Seeing many binary searches here I will put mine, which is in my opinion much more clear and safe. Everybody knows that binary search is extremely prone to mistakes, especially for beginners, so here's my completely invulnerable to any mistakes approach.

int kl = 1, kp = 1e9, res = 0;
while (kl <= kp) {
  int cur = (kl + kp) / 2;
  if (Test(cur)) {
    res = cur;
    kl = cur + 1;
  } else {
    kp = cur - 1;
  }
}
return res;

What's so special?

First reason: I keep an invariant that interval [kl, kp] is something I don't know anything about. Stop condition is obvious — that interval is nonempty <=> (kl <= kp). Many people try to keep an invariant as sth like "I know that first element of my interval is good, about others I don't know" or "I know that first element is good, last is bad, rest unknown", but in my opinon this is much more complicated to maintain and demand much more thought about when to end this (look at this lo < hi - 1 in Xellos' code :<). Another kind of problems it omits are all about initialization, it may be also troublesome to those solutions with invariants other than mine.

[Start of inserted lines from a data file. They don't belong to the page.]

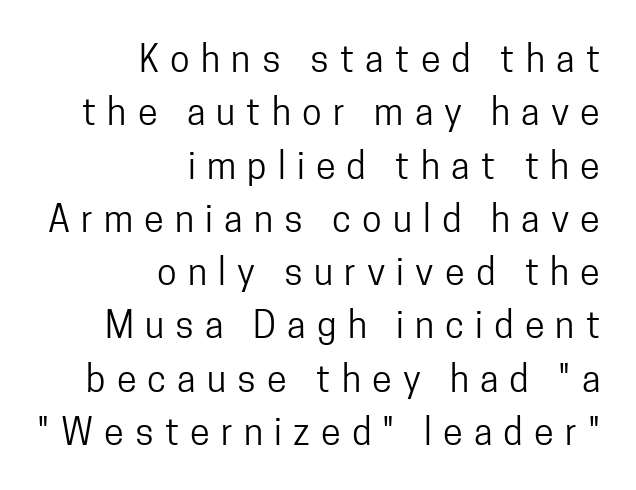
Q: Is the text bold? A: No.
Q: Is the text italic (slanted)? A: No, it is upright.
Q: Is the typeface a serif or a sans-serif typeface? A: Sans-serif.
Q: Is the text underlined? A: No.
Q: How is the paragraph aligned? A: Right-aligned.
Q: Is the spacing between letters normal or unusually wide? A: Unusually wide.
Q: Is the spacing between lines tight, normal or loose? A: Normal.
Q: Width (condensed, normal, or wide)? A: Condensed.
Q: Stroke contrast? A: Low.
Q: x-height? A: Medium.
Q: Monospaced? A: No.

Second reason: It's invulnerable to any bugs like "if beginning is odd, end is even and checked value is not good, then blah, blah and I will end up in infinite loop" or "if beginning is negative, end is positive, then stupid division of negative numbers will cause rounding in bad side, so blahblah, infinite loop". I got those +1 and -1 in case of success or failure, so my search interval is clearly strictly shrinking, no matter what, being even/odd/positive/negative is of no relevance.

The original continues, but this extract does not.